### 2/28/2022

Below is a daily table for an active acount at Shopify (an online ecommerce, retail platform). The table is called store_account and the columns are:  

| Column Name | Data Type | Description |
|:--|:--|:--|
| store_id | integer | a unique Shopify store id  |
| date | string | date  |
| status | string | Possible values are: open, closed, fraud  |
| revenue | double | Amount of spend in USD  |

Here's some additional information about the table:
   - The granularity of the table is store_id and day  
   - Assume “closed” and “fraud” are permanent labels  
   - Active = daily revenue > 0   
   - Accounts get labeled by Shopify as fraudulent and they no longer can sell product   
   - Every day of the table has every store_id that has ever used Shopify  
   
Some clarifications:
   - We want one value for each day in the month   
   - A store can be fraudulent and active on same day.
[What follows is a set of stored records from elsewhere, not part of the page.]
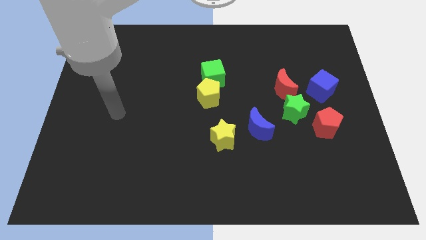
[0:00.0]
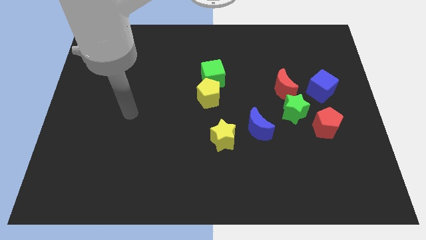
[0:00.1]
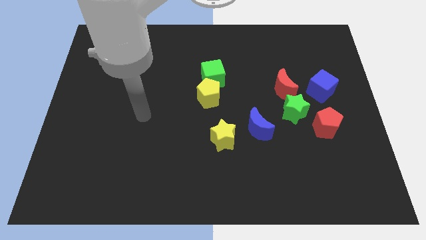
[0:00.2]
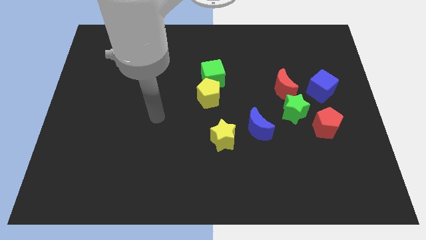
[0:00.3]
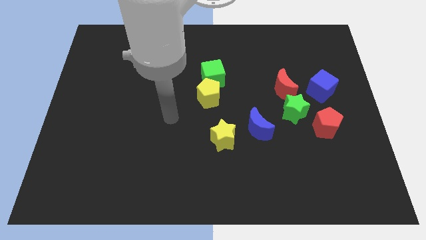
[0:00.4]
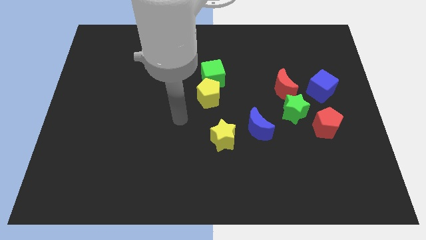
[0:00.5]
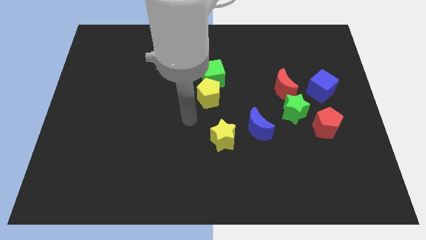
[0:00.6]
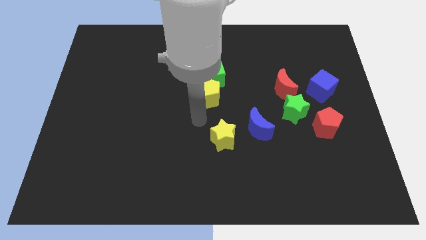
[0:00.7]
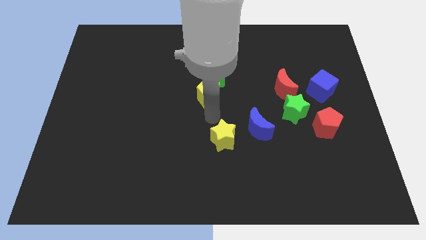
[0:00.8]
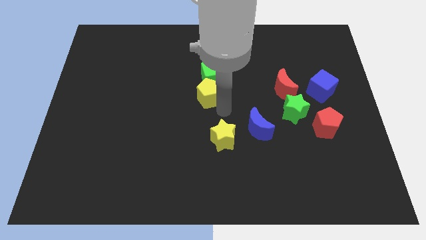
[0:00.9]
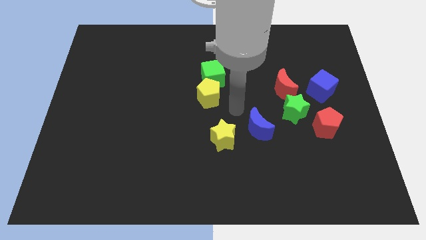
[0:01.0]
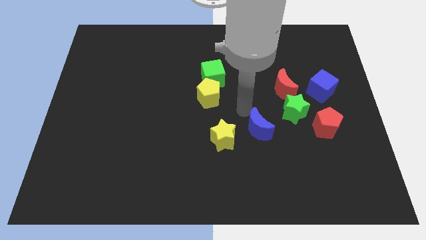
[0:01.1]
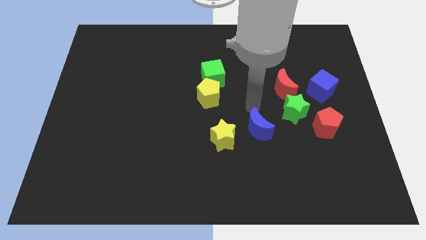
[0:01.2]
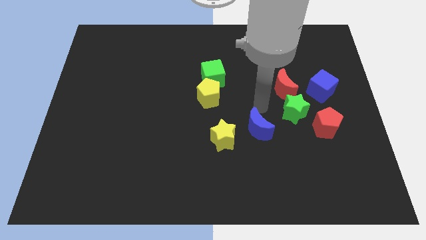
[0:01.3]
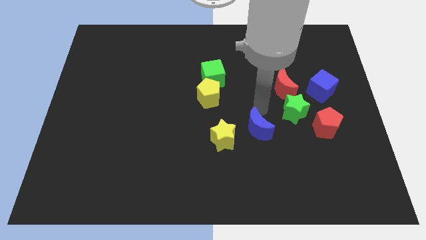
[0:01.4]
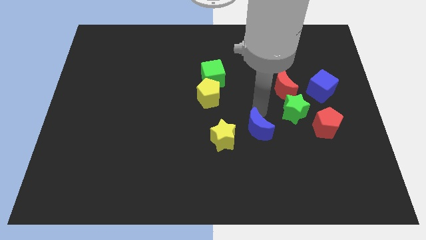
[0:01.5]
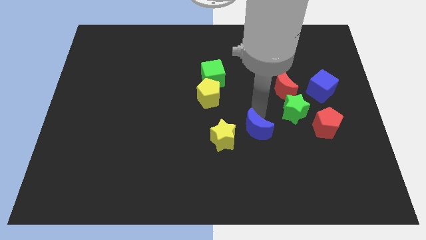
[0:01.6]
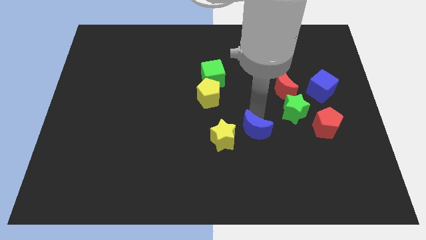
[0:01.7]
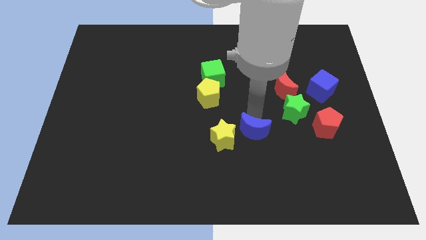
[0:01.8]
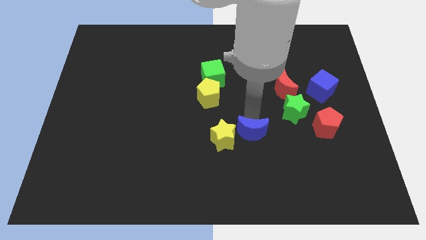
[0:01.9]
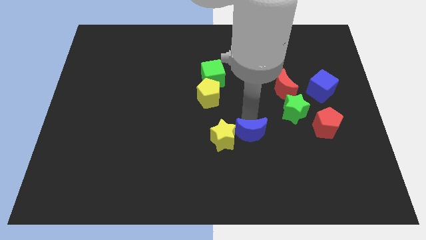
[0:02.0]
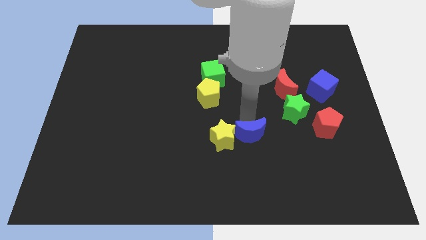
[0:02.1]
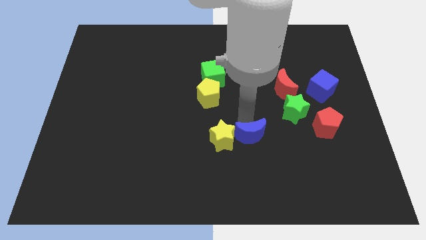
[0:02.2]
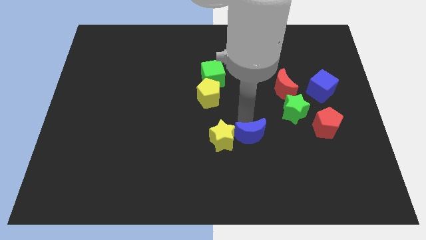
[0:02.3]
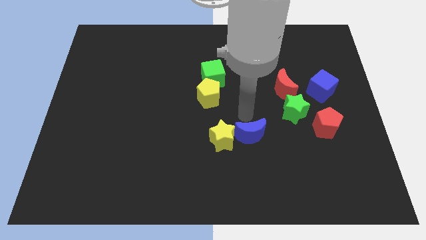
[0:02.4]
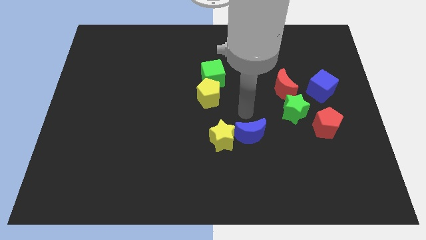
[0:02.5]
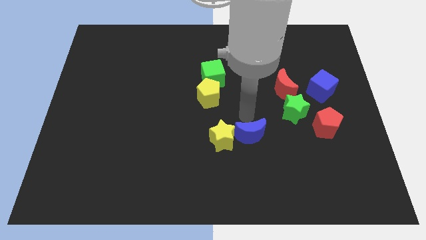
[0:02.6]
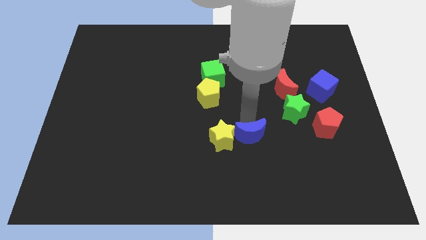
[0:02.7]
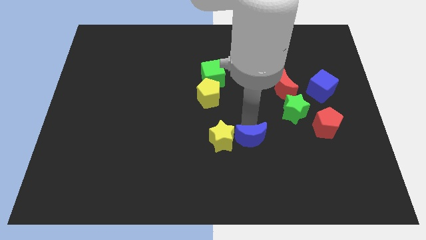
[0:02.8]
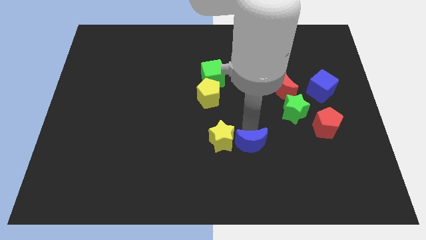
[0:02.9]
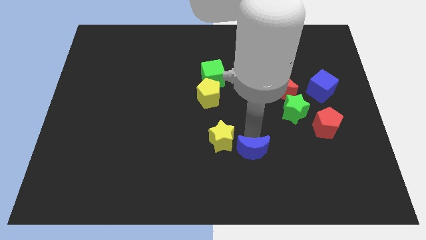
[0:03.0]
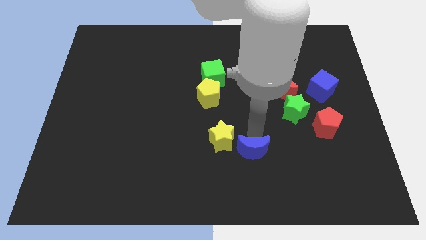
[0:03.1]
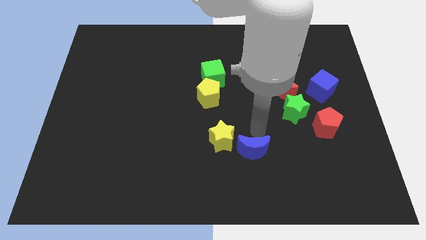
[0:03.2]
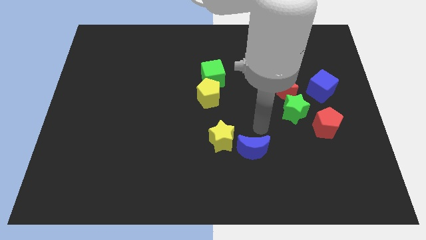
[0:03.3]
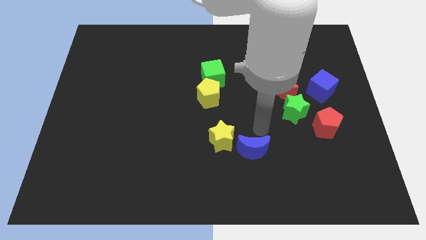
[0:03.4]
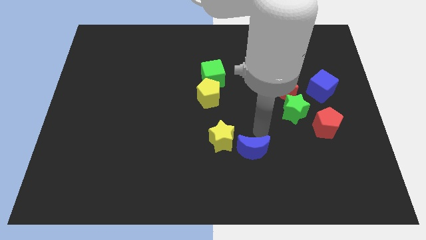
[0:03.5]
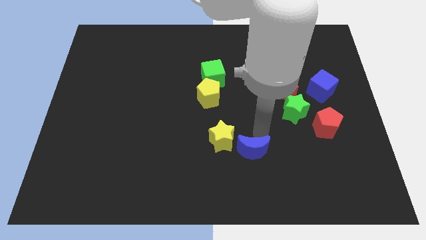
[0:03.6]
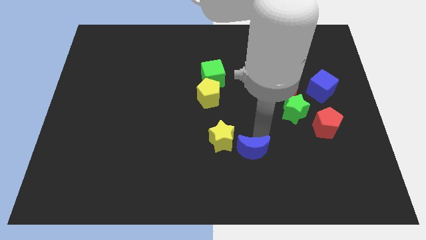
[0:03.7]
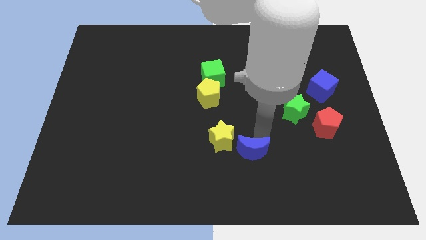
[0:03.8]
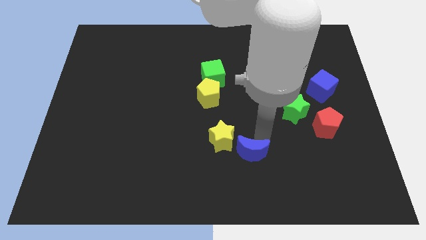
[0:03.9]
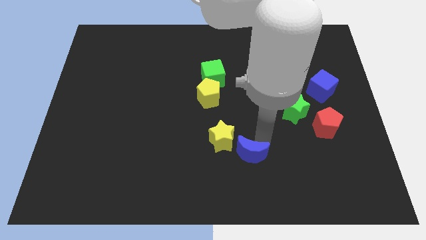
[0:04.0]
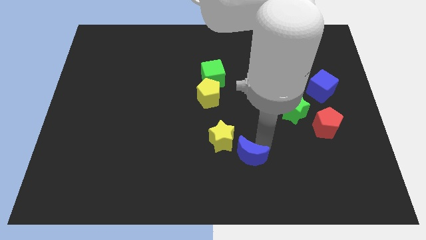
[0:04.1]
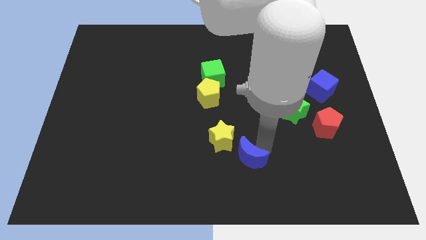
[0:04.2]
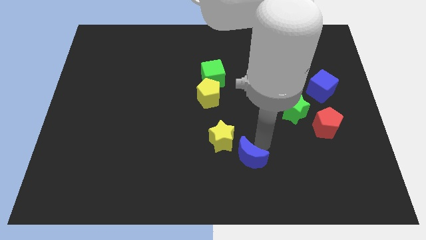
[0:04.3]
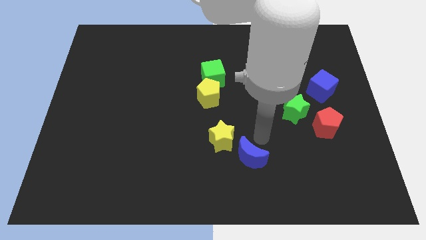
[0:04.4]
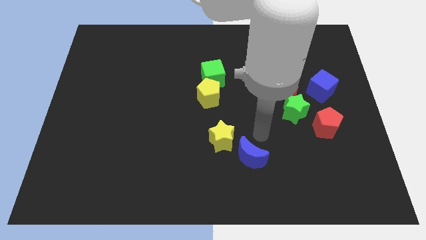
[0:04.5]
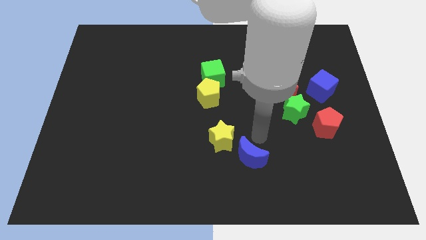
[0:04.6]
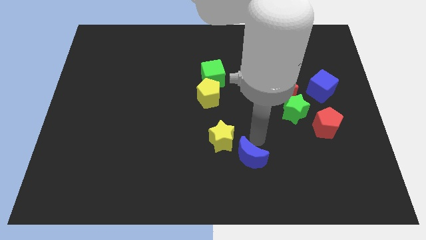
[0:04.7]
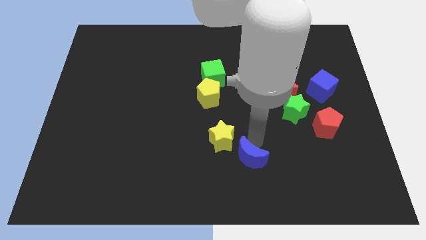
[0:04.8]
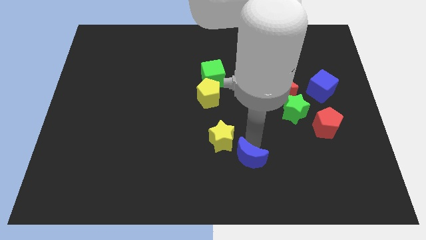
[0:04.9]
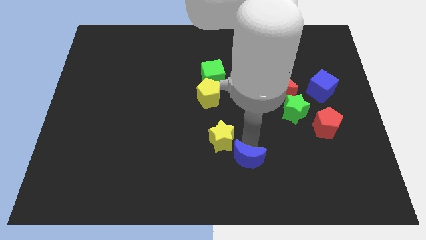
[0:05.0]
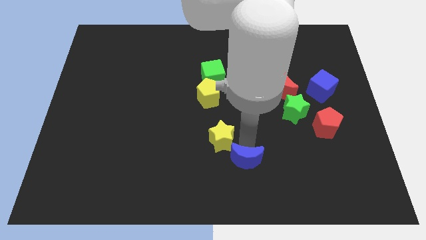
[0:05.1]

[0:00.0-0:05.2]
put the blue moon to the bottom side

E.g. they could generate revenue until 10AM, then be flagged as fradulent from 10AM onward  
   

**Given the above, write code using Python (Pandas library) to show what percent of active stores were fraudulent by day.** 

In [2]:
import pandas as pd

In [60]:
# create the store_account table
store_account = pd.DataFrame(columns = ['store_id', 'date', 'status', 'revenue'])

In [63]:
# calculate the total number of active stores and the number of those active stores that are fraudulent per day
result = store_account.groupby('date').apply(
    lambda x: pd.Series(dict(
        n_active_stores = (x.revenue > 0).sum(),
        n_active_fraud_stores = ((x.revenue > 0) & (x.status == 'fraud')).sum()
    ))).reset_index()

In [56]:
# calculate the proportion of active stores that are fraudulent, rounded to fourth decimal place
result['percent_active_fraud_stores'] = (result['n_active_fraud_stores']/result['n_active_stores']).round(4)

In [58]:
# drop the columns containing counts
result = result.drop(columns = ['n_active_fraud_stores', 'n_active_stores'])

In [None]:
# final dataframe with columns for day and pecent of active stores that were fraudulent
result